Classification characteristics of relative permeability curve (Fig. 7a curve concave up of both oil phase and water phase; Fig. 7b oil phase concave up and water phase straight line; Fig. 7c oil phase linear, and water phase concave up)

The second type is oil phase concave up and water phase straight line (Fig. 7b). With the increase of water saturation, the relative permeability of oil phase decreases rapidly at first, but slowly reduces when it reaches medium and high water saturation. While the relative permeability of water phase increases uniformly with the increase of water saturation [32, 33]. The residual oil saturation is more than 40%, the relative permeability at the isotonic point is 0.128 md, and the two-phase co-seepage zone is narrower than the first type. The reservoir is mainly weak oil-affinity, and the pore throat radius of the reservoir is relatively small.

The third type is oil phase linear, and water phase concave up (Fig. 7c).

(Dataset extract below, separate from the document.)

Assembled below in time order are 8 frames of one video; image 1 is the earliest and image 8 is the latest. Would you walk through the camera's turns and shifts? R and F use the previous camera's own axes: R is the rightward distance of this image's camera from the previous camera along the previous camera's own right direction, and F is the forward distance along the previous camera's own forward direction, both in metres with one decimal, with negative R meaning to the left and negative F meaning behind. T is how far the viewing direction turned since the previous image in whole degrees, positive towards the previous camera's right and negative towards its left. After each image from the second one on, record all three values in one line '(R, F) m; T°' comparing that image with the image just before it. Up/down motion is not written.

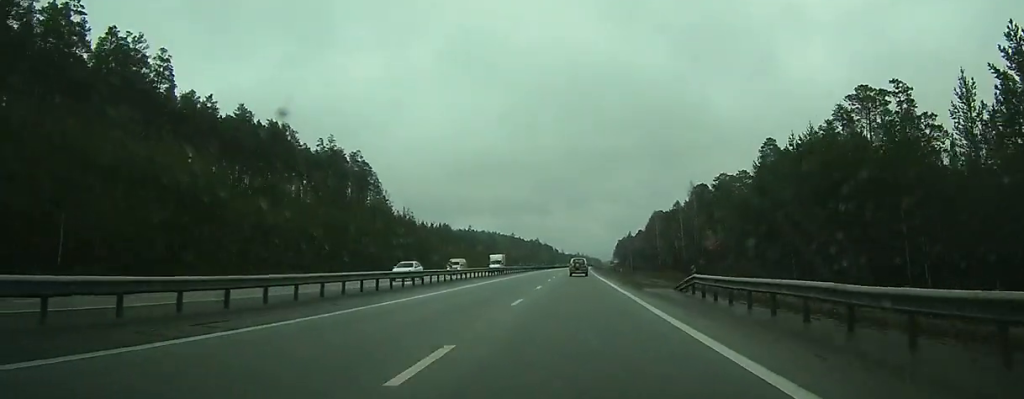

The relative permeability of oil phase decreases evenly with the increase of water saturation, and the relative permeability of water phase increase slowly at low water cut, but In the middle and high water-cut stage, it rises rapidly. The residual oil saturation is more than 30%, and the relative permeability at the isotonic point is less than 0.1 md. The two phases interfere with each other strongly and the reservoir is hydrophilic. In the early stage, water is visible, oil production decreases slowly, reservoir pore structure is complex and heterogeneity is strong [31, 34].

NMR Testing Result.

NMR experiments can be used to analyze the movable fluids distribution and pore distribution of reservoirs. The experimental results show the sample porosity is distributed 4–13.8%, the permeability is distributed 0.0001–0.8376 mD. The irreducible water saturation is distributed 55.9–93.6%, and the movable fluid saturation is distributed 6.4–44.1%. The NMR pore throat radius is distributed 0.001 to 10 um (Table 6).

Table 6. Nuclear magnetic resonance test results of samples

The porosities and permeabilities of Y18 and Y21 are higher than those of Y1, but the saturation of movable fluid is lower than that of Y1 samples, and the bound water is higher than that of Y1 (Table 6). Therefore, movable fluids are not completely controlled by physical and are closely related to pore throat characteristics of reservoirs.

Figure 8a shows the distribution characteristics of T2 spectrum when the sample is saturated incremental, which ranges from 0.04 ms to 800 ms. The morphology of T2 spectrum is bimodal, which can be divided into two categories according to the peak type: the left peak is higher than the right peak (Y18, Y21, Y3, Y8) and right peak is higher than left peak (Y1). Left peak of the samples are basically between 0.1 and 2 ms, and the peak frequencies of different samples are slightly different. The peak frequencies of Y18 and 21 are 26%, and those of Y8, Y3 and Y1 are 9.0%. The right peak of Y18 and Y21 is between 7 and 60 ms, and the peak frequency is 10.0%. The peak value of Y 8 samples is 8–40 ms and the frequency is 3.0%. The peak values of Y3 and Y1 are 70–600 ms, with frequencies of 4% and 9%, respectively (Table 6). Reflecting the micropore distribution is similar but macropore is different.

Fig. 8.
figure 8

Pore and throat distribution characteristics of NMR (Fig. 8a: Porosity distribution of NMR T2 spectrum saturated increment; Fig. 8b: Porosity distribution of NMR T2 spectrum centrifuged increment; Fig. 8c: Porosity accumulation distribution of NMR T2 spectrum; Fig. 8d: Pore size distribution characteristics of samples)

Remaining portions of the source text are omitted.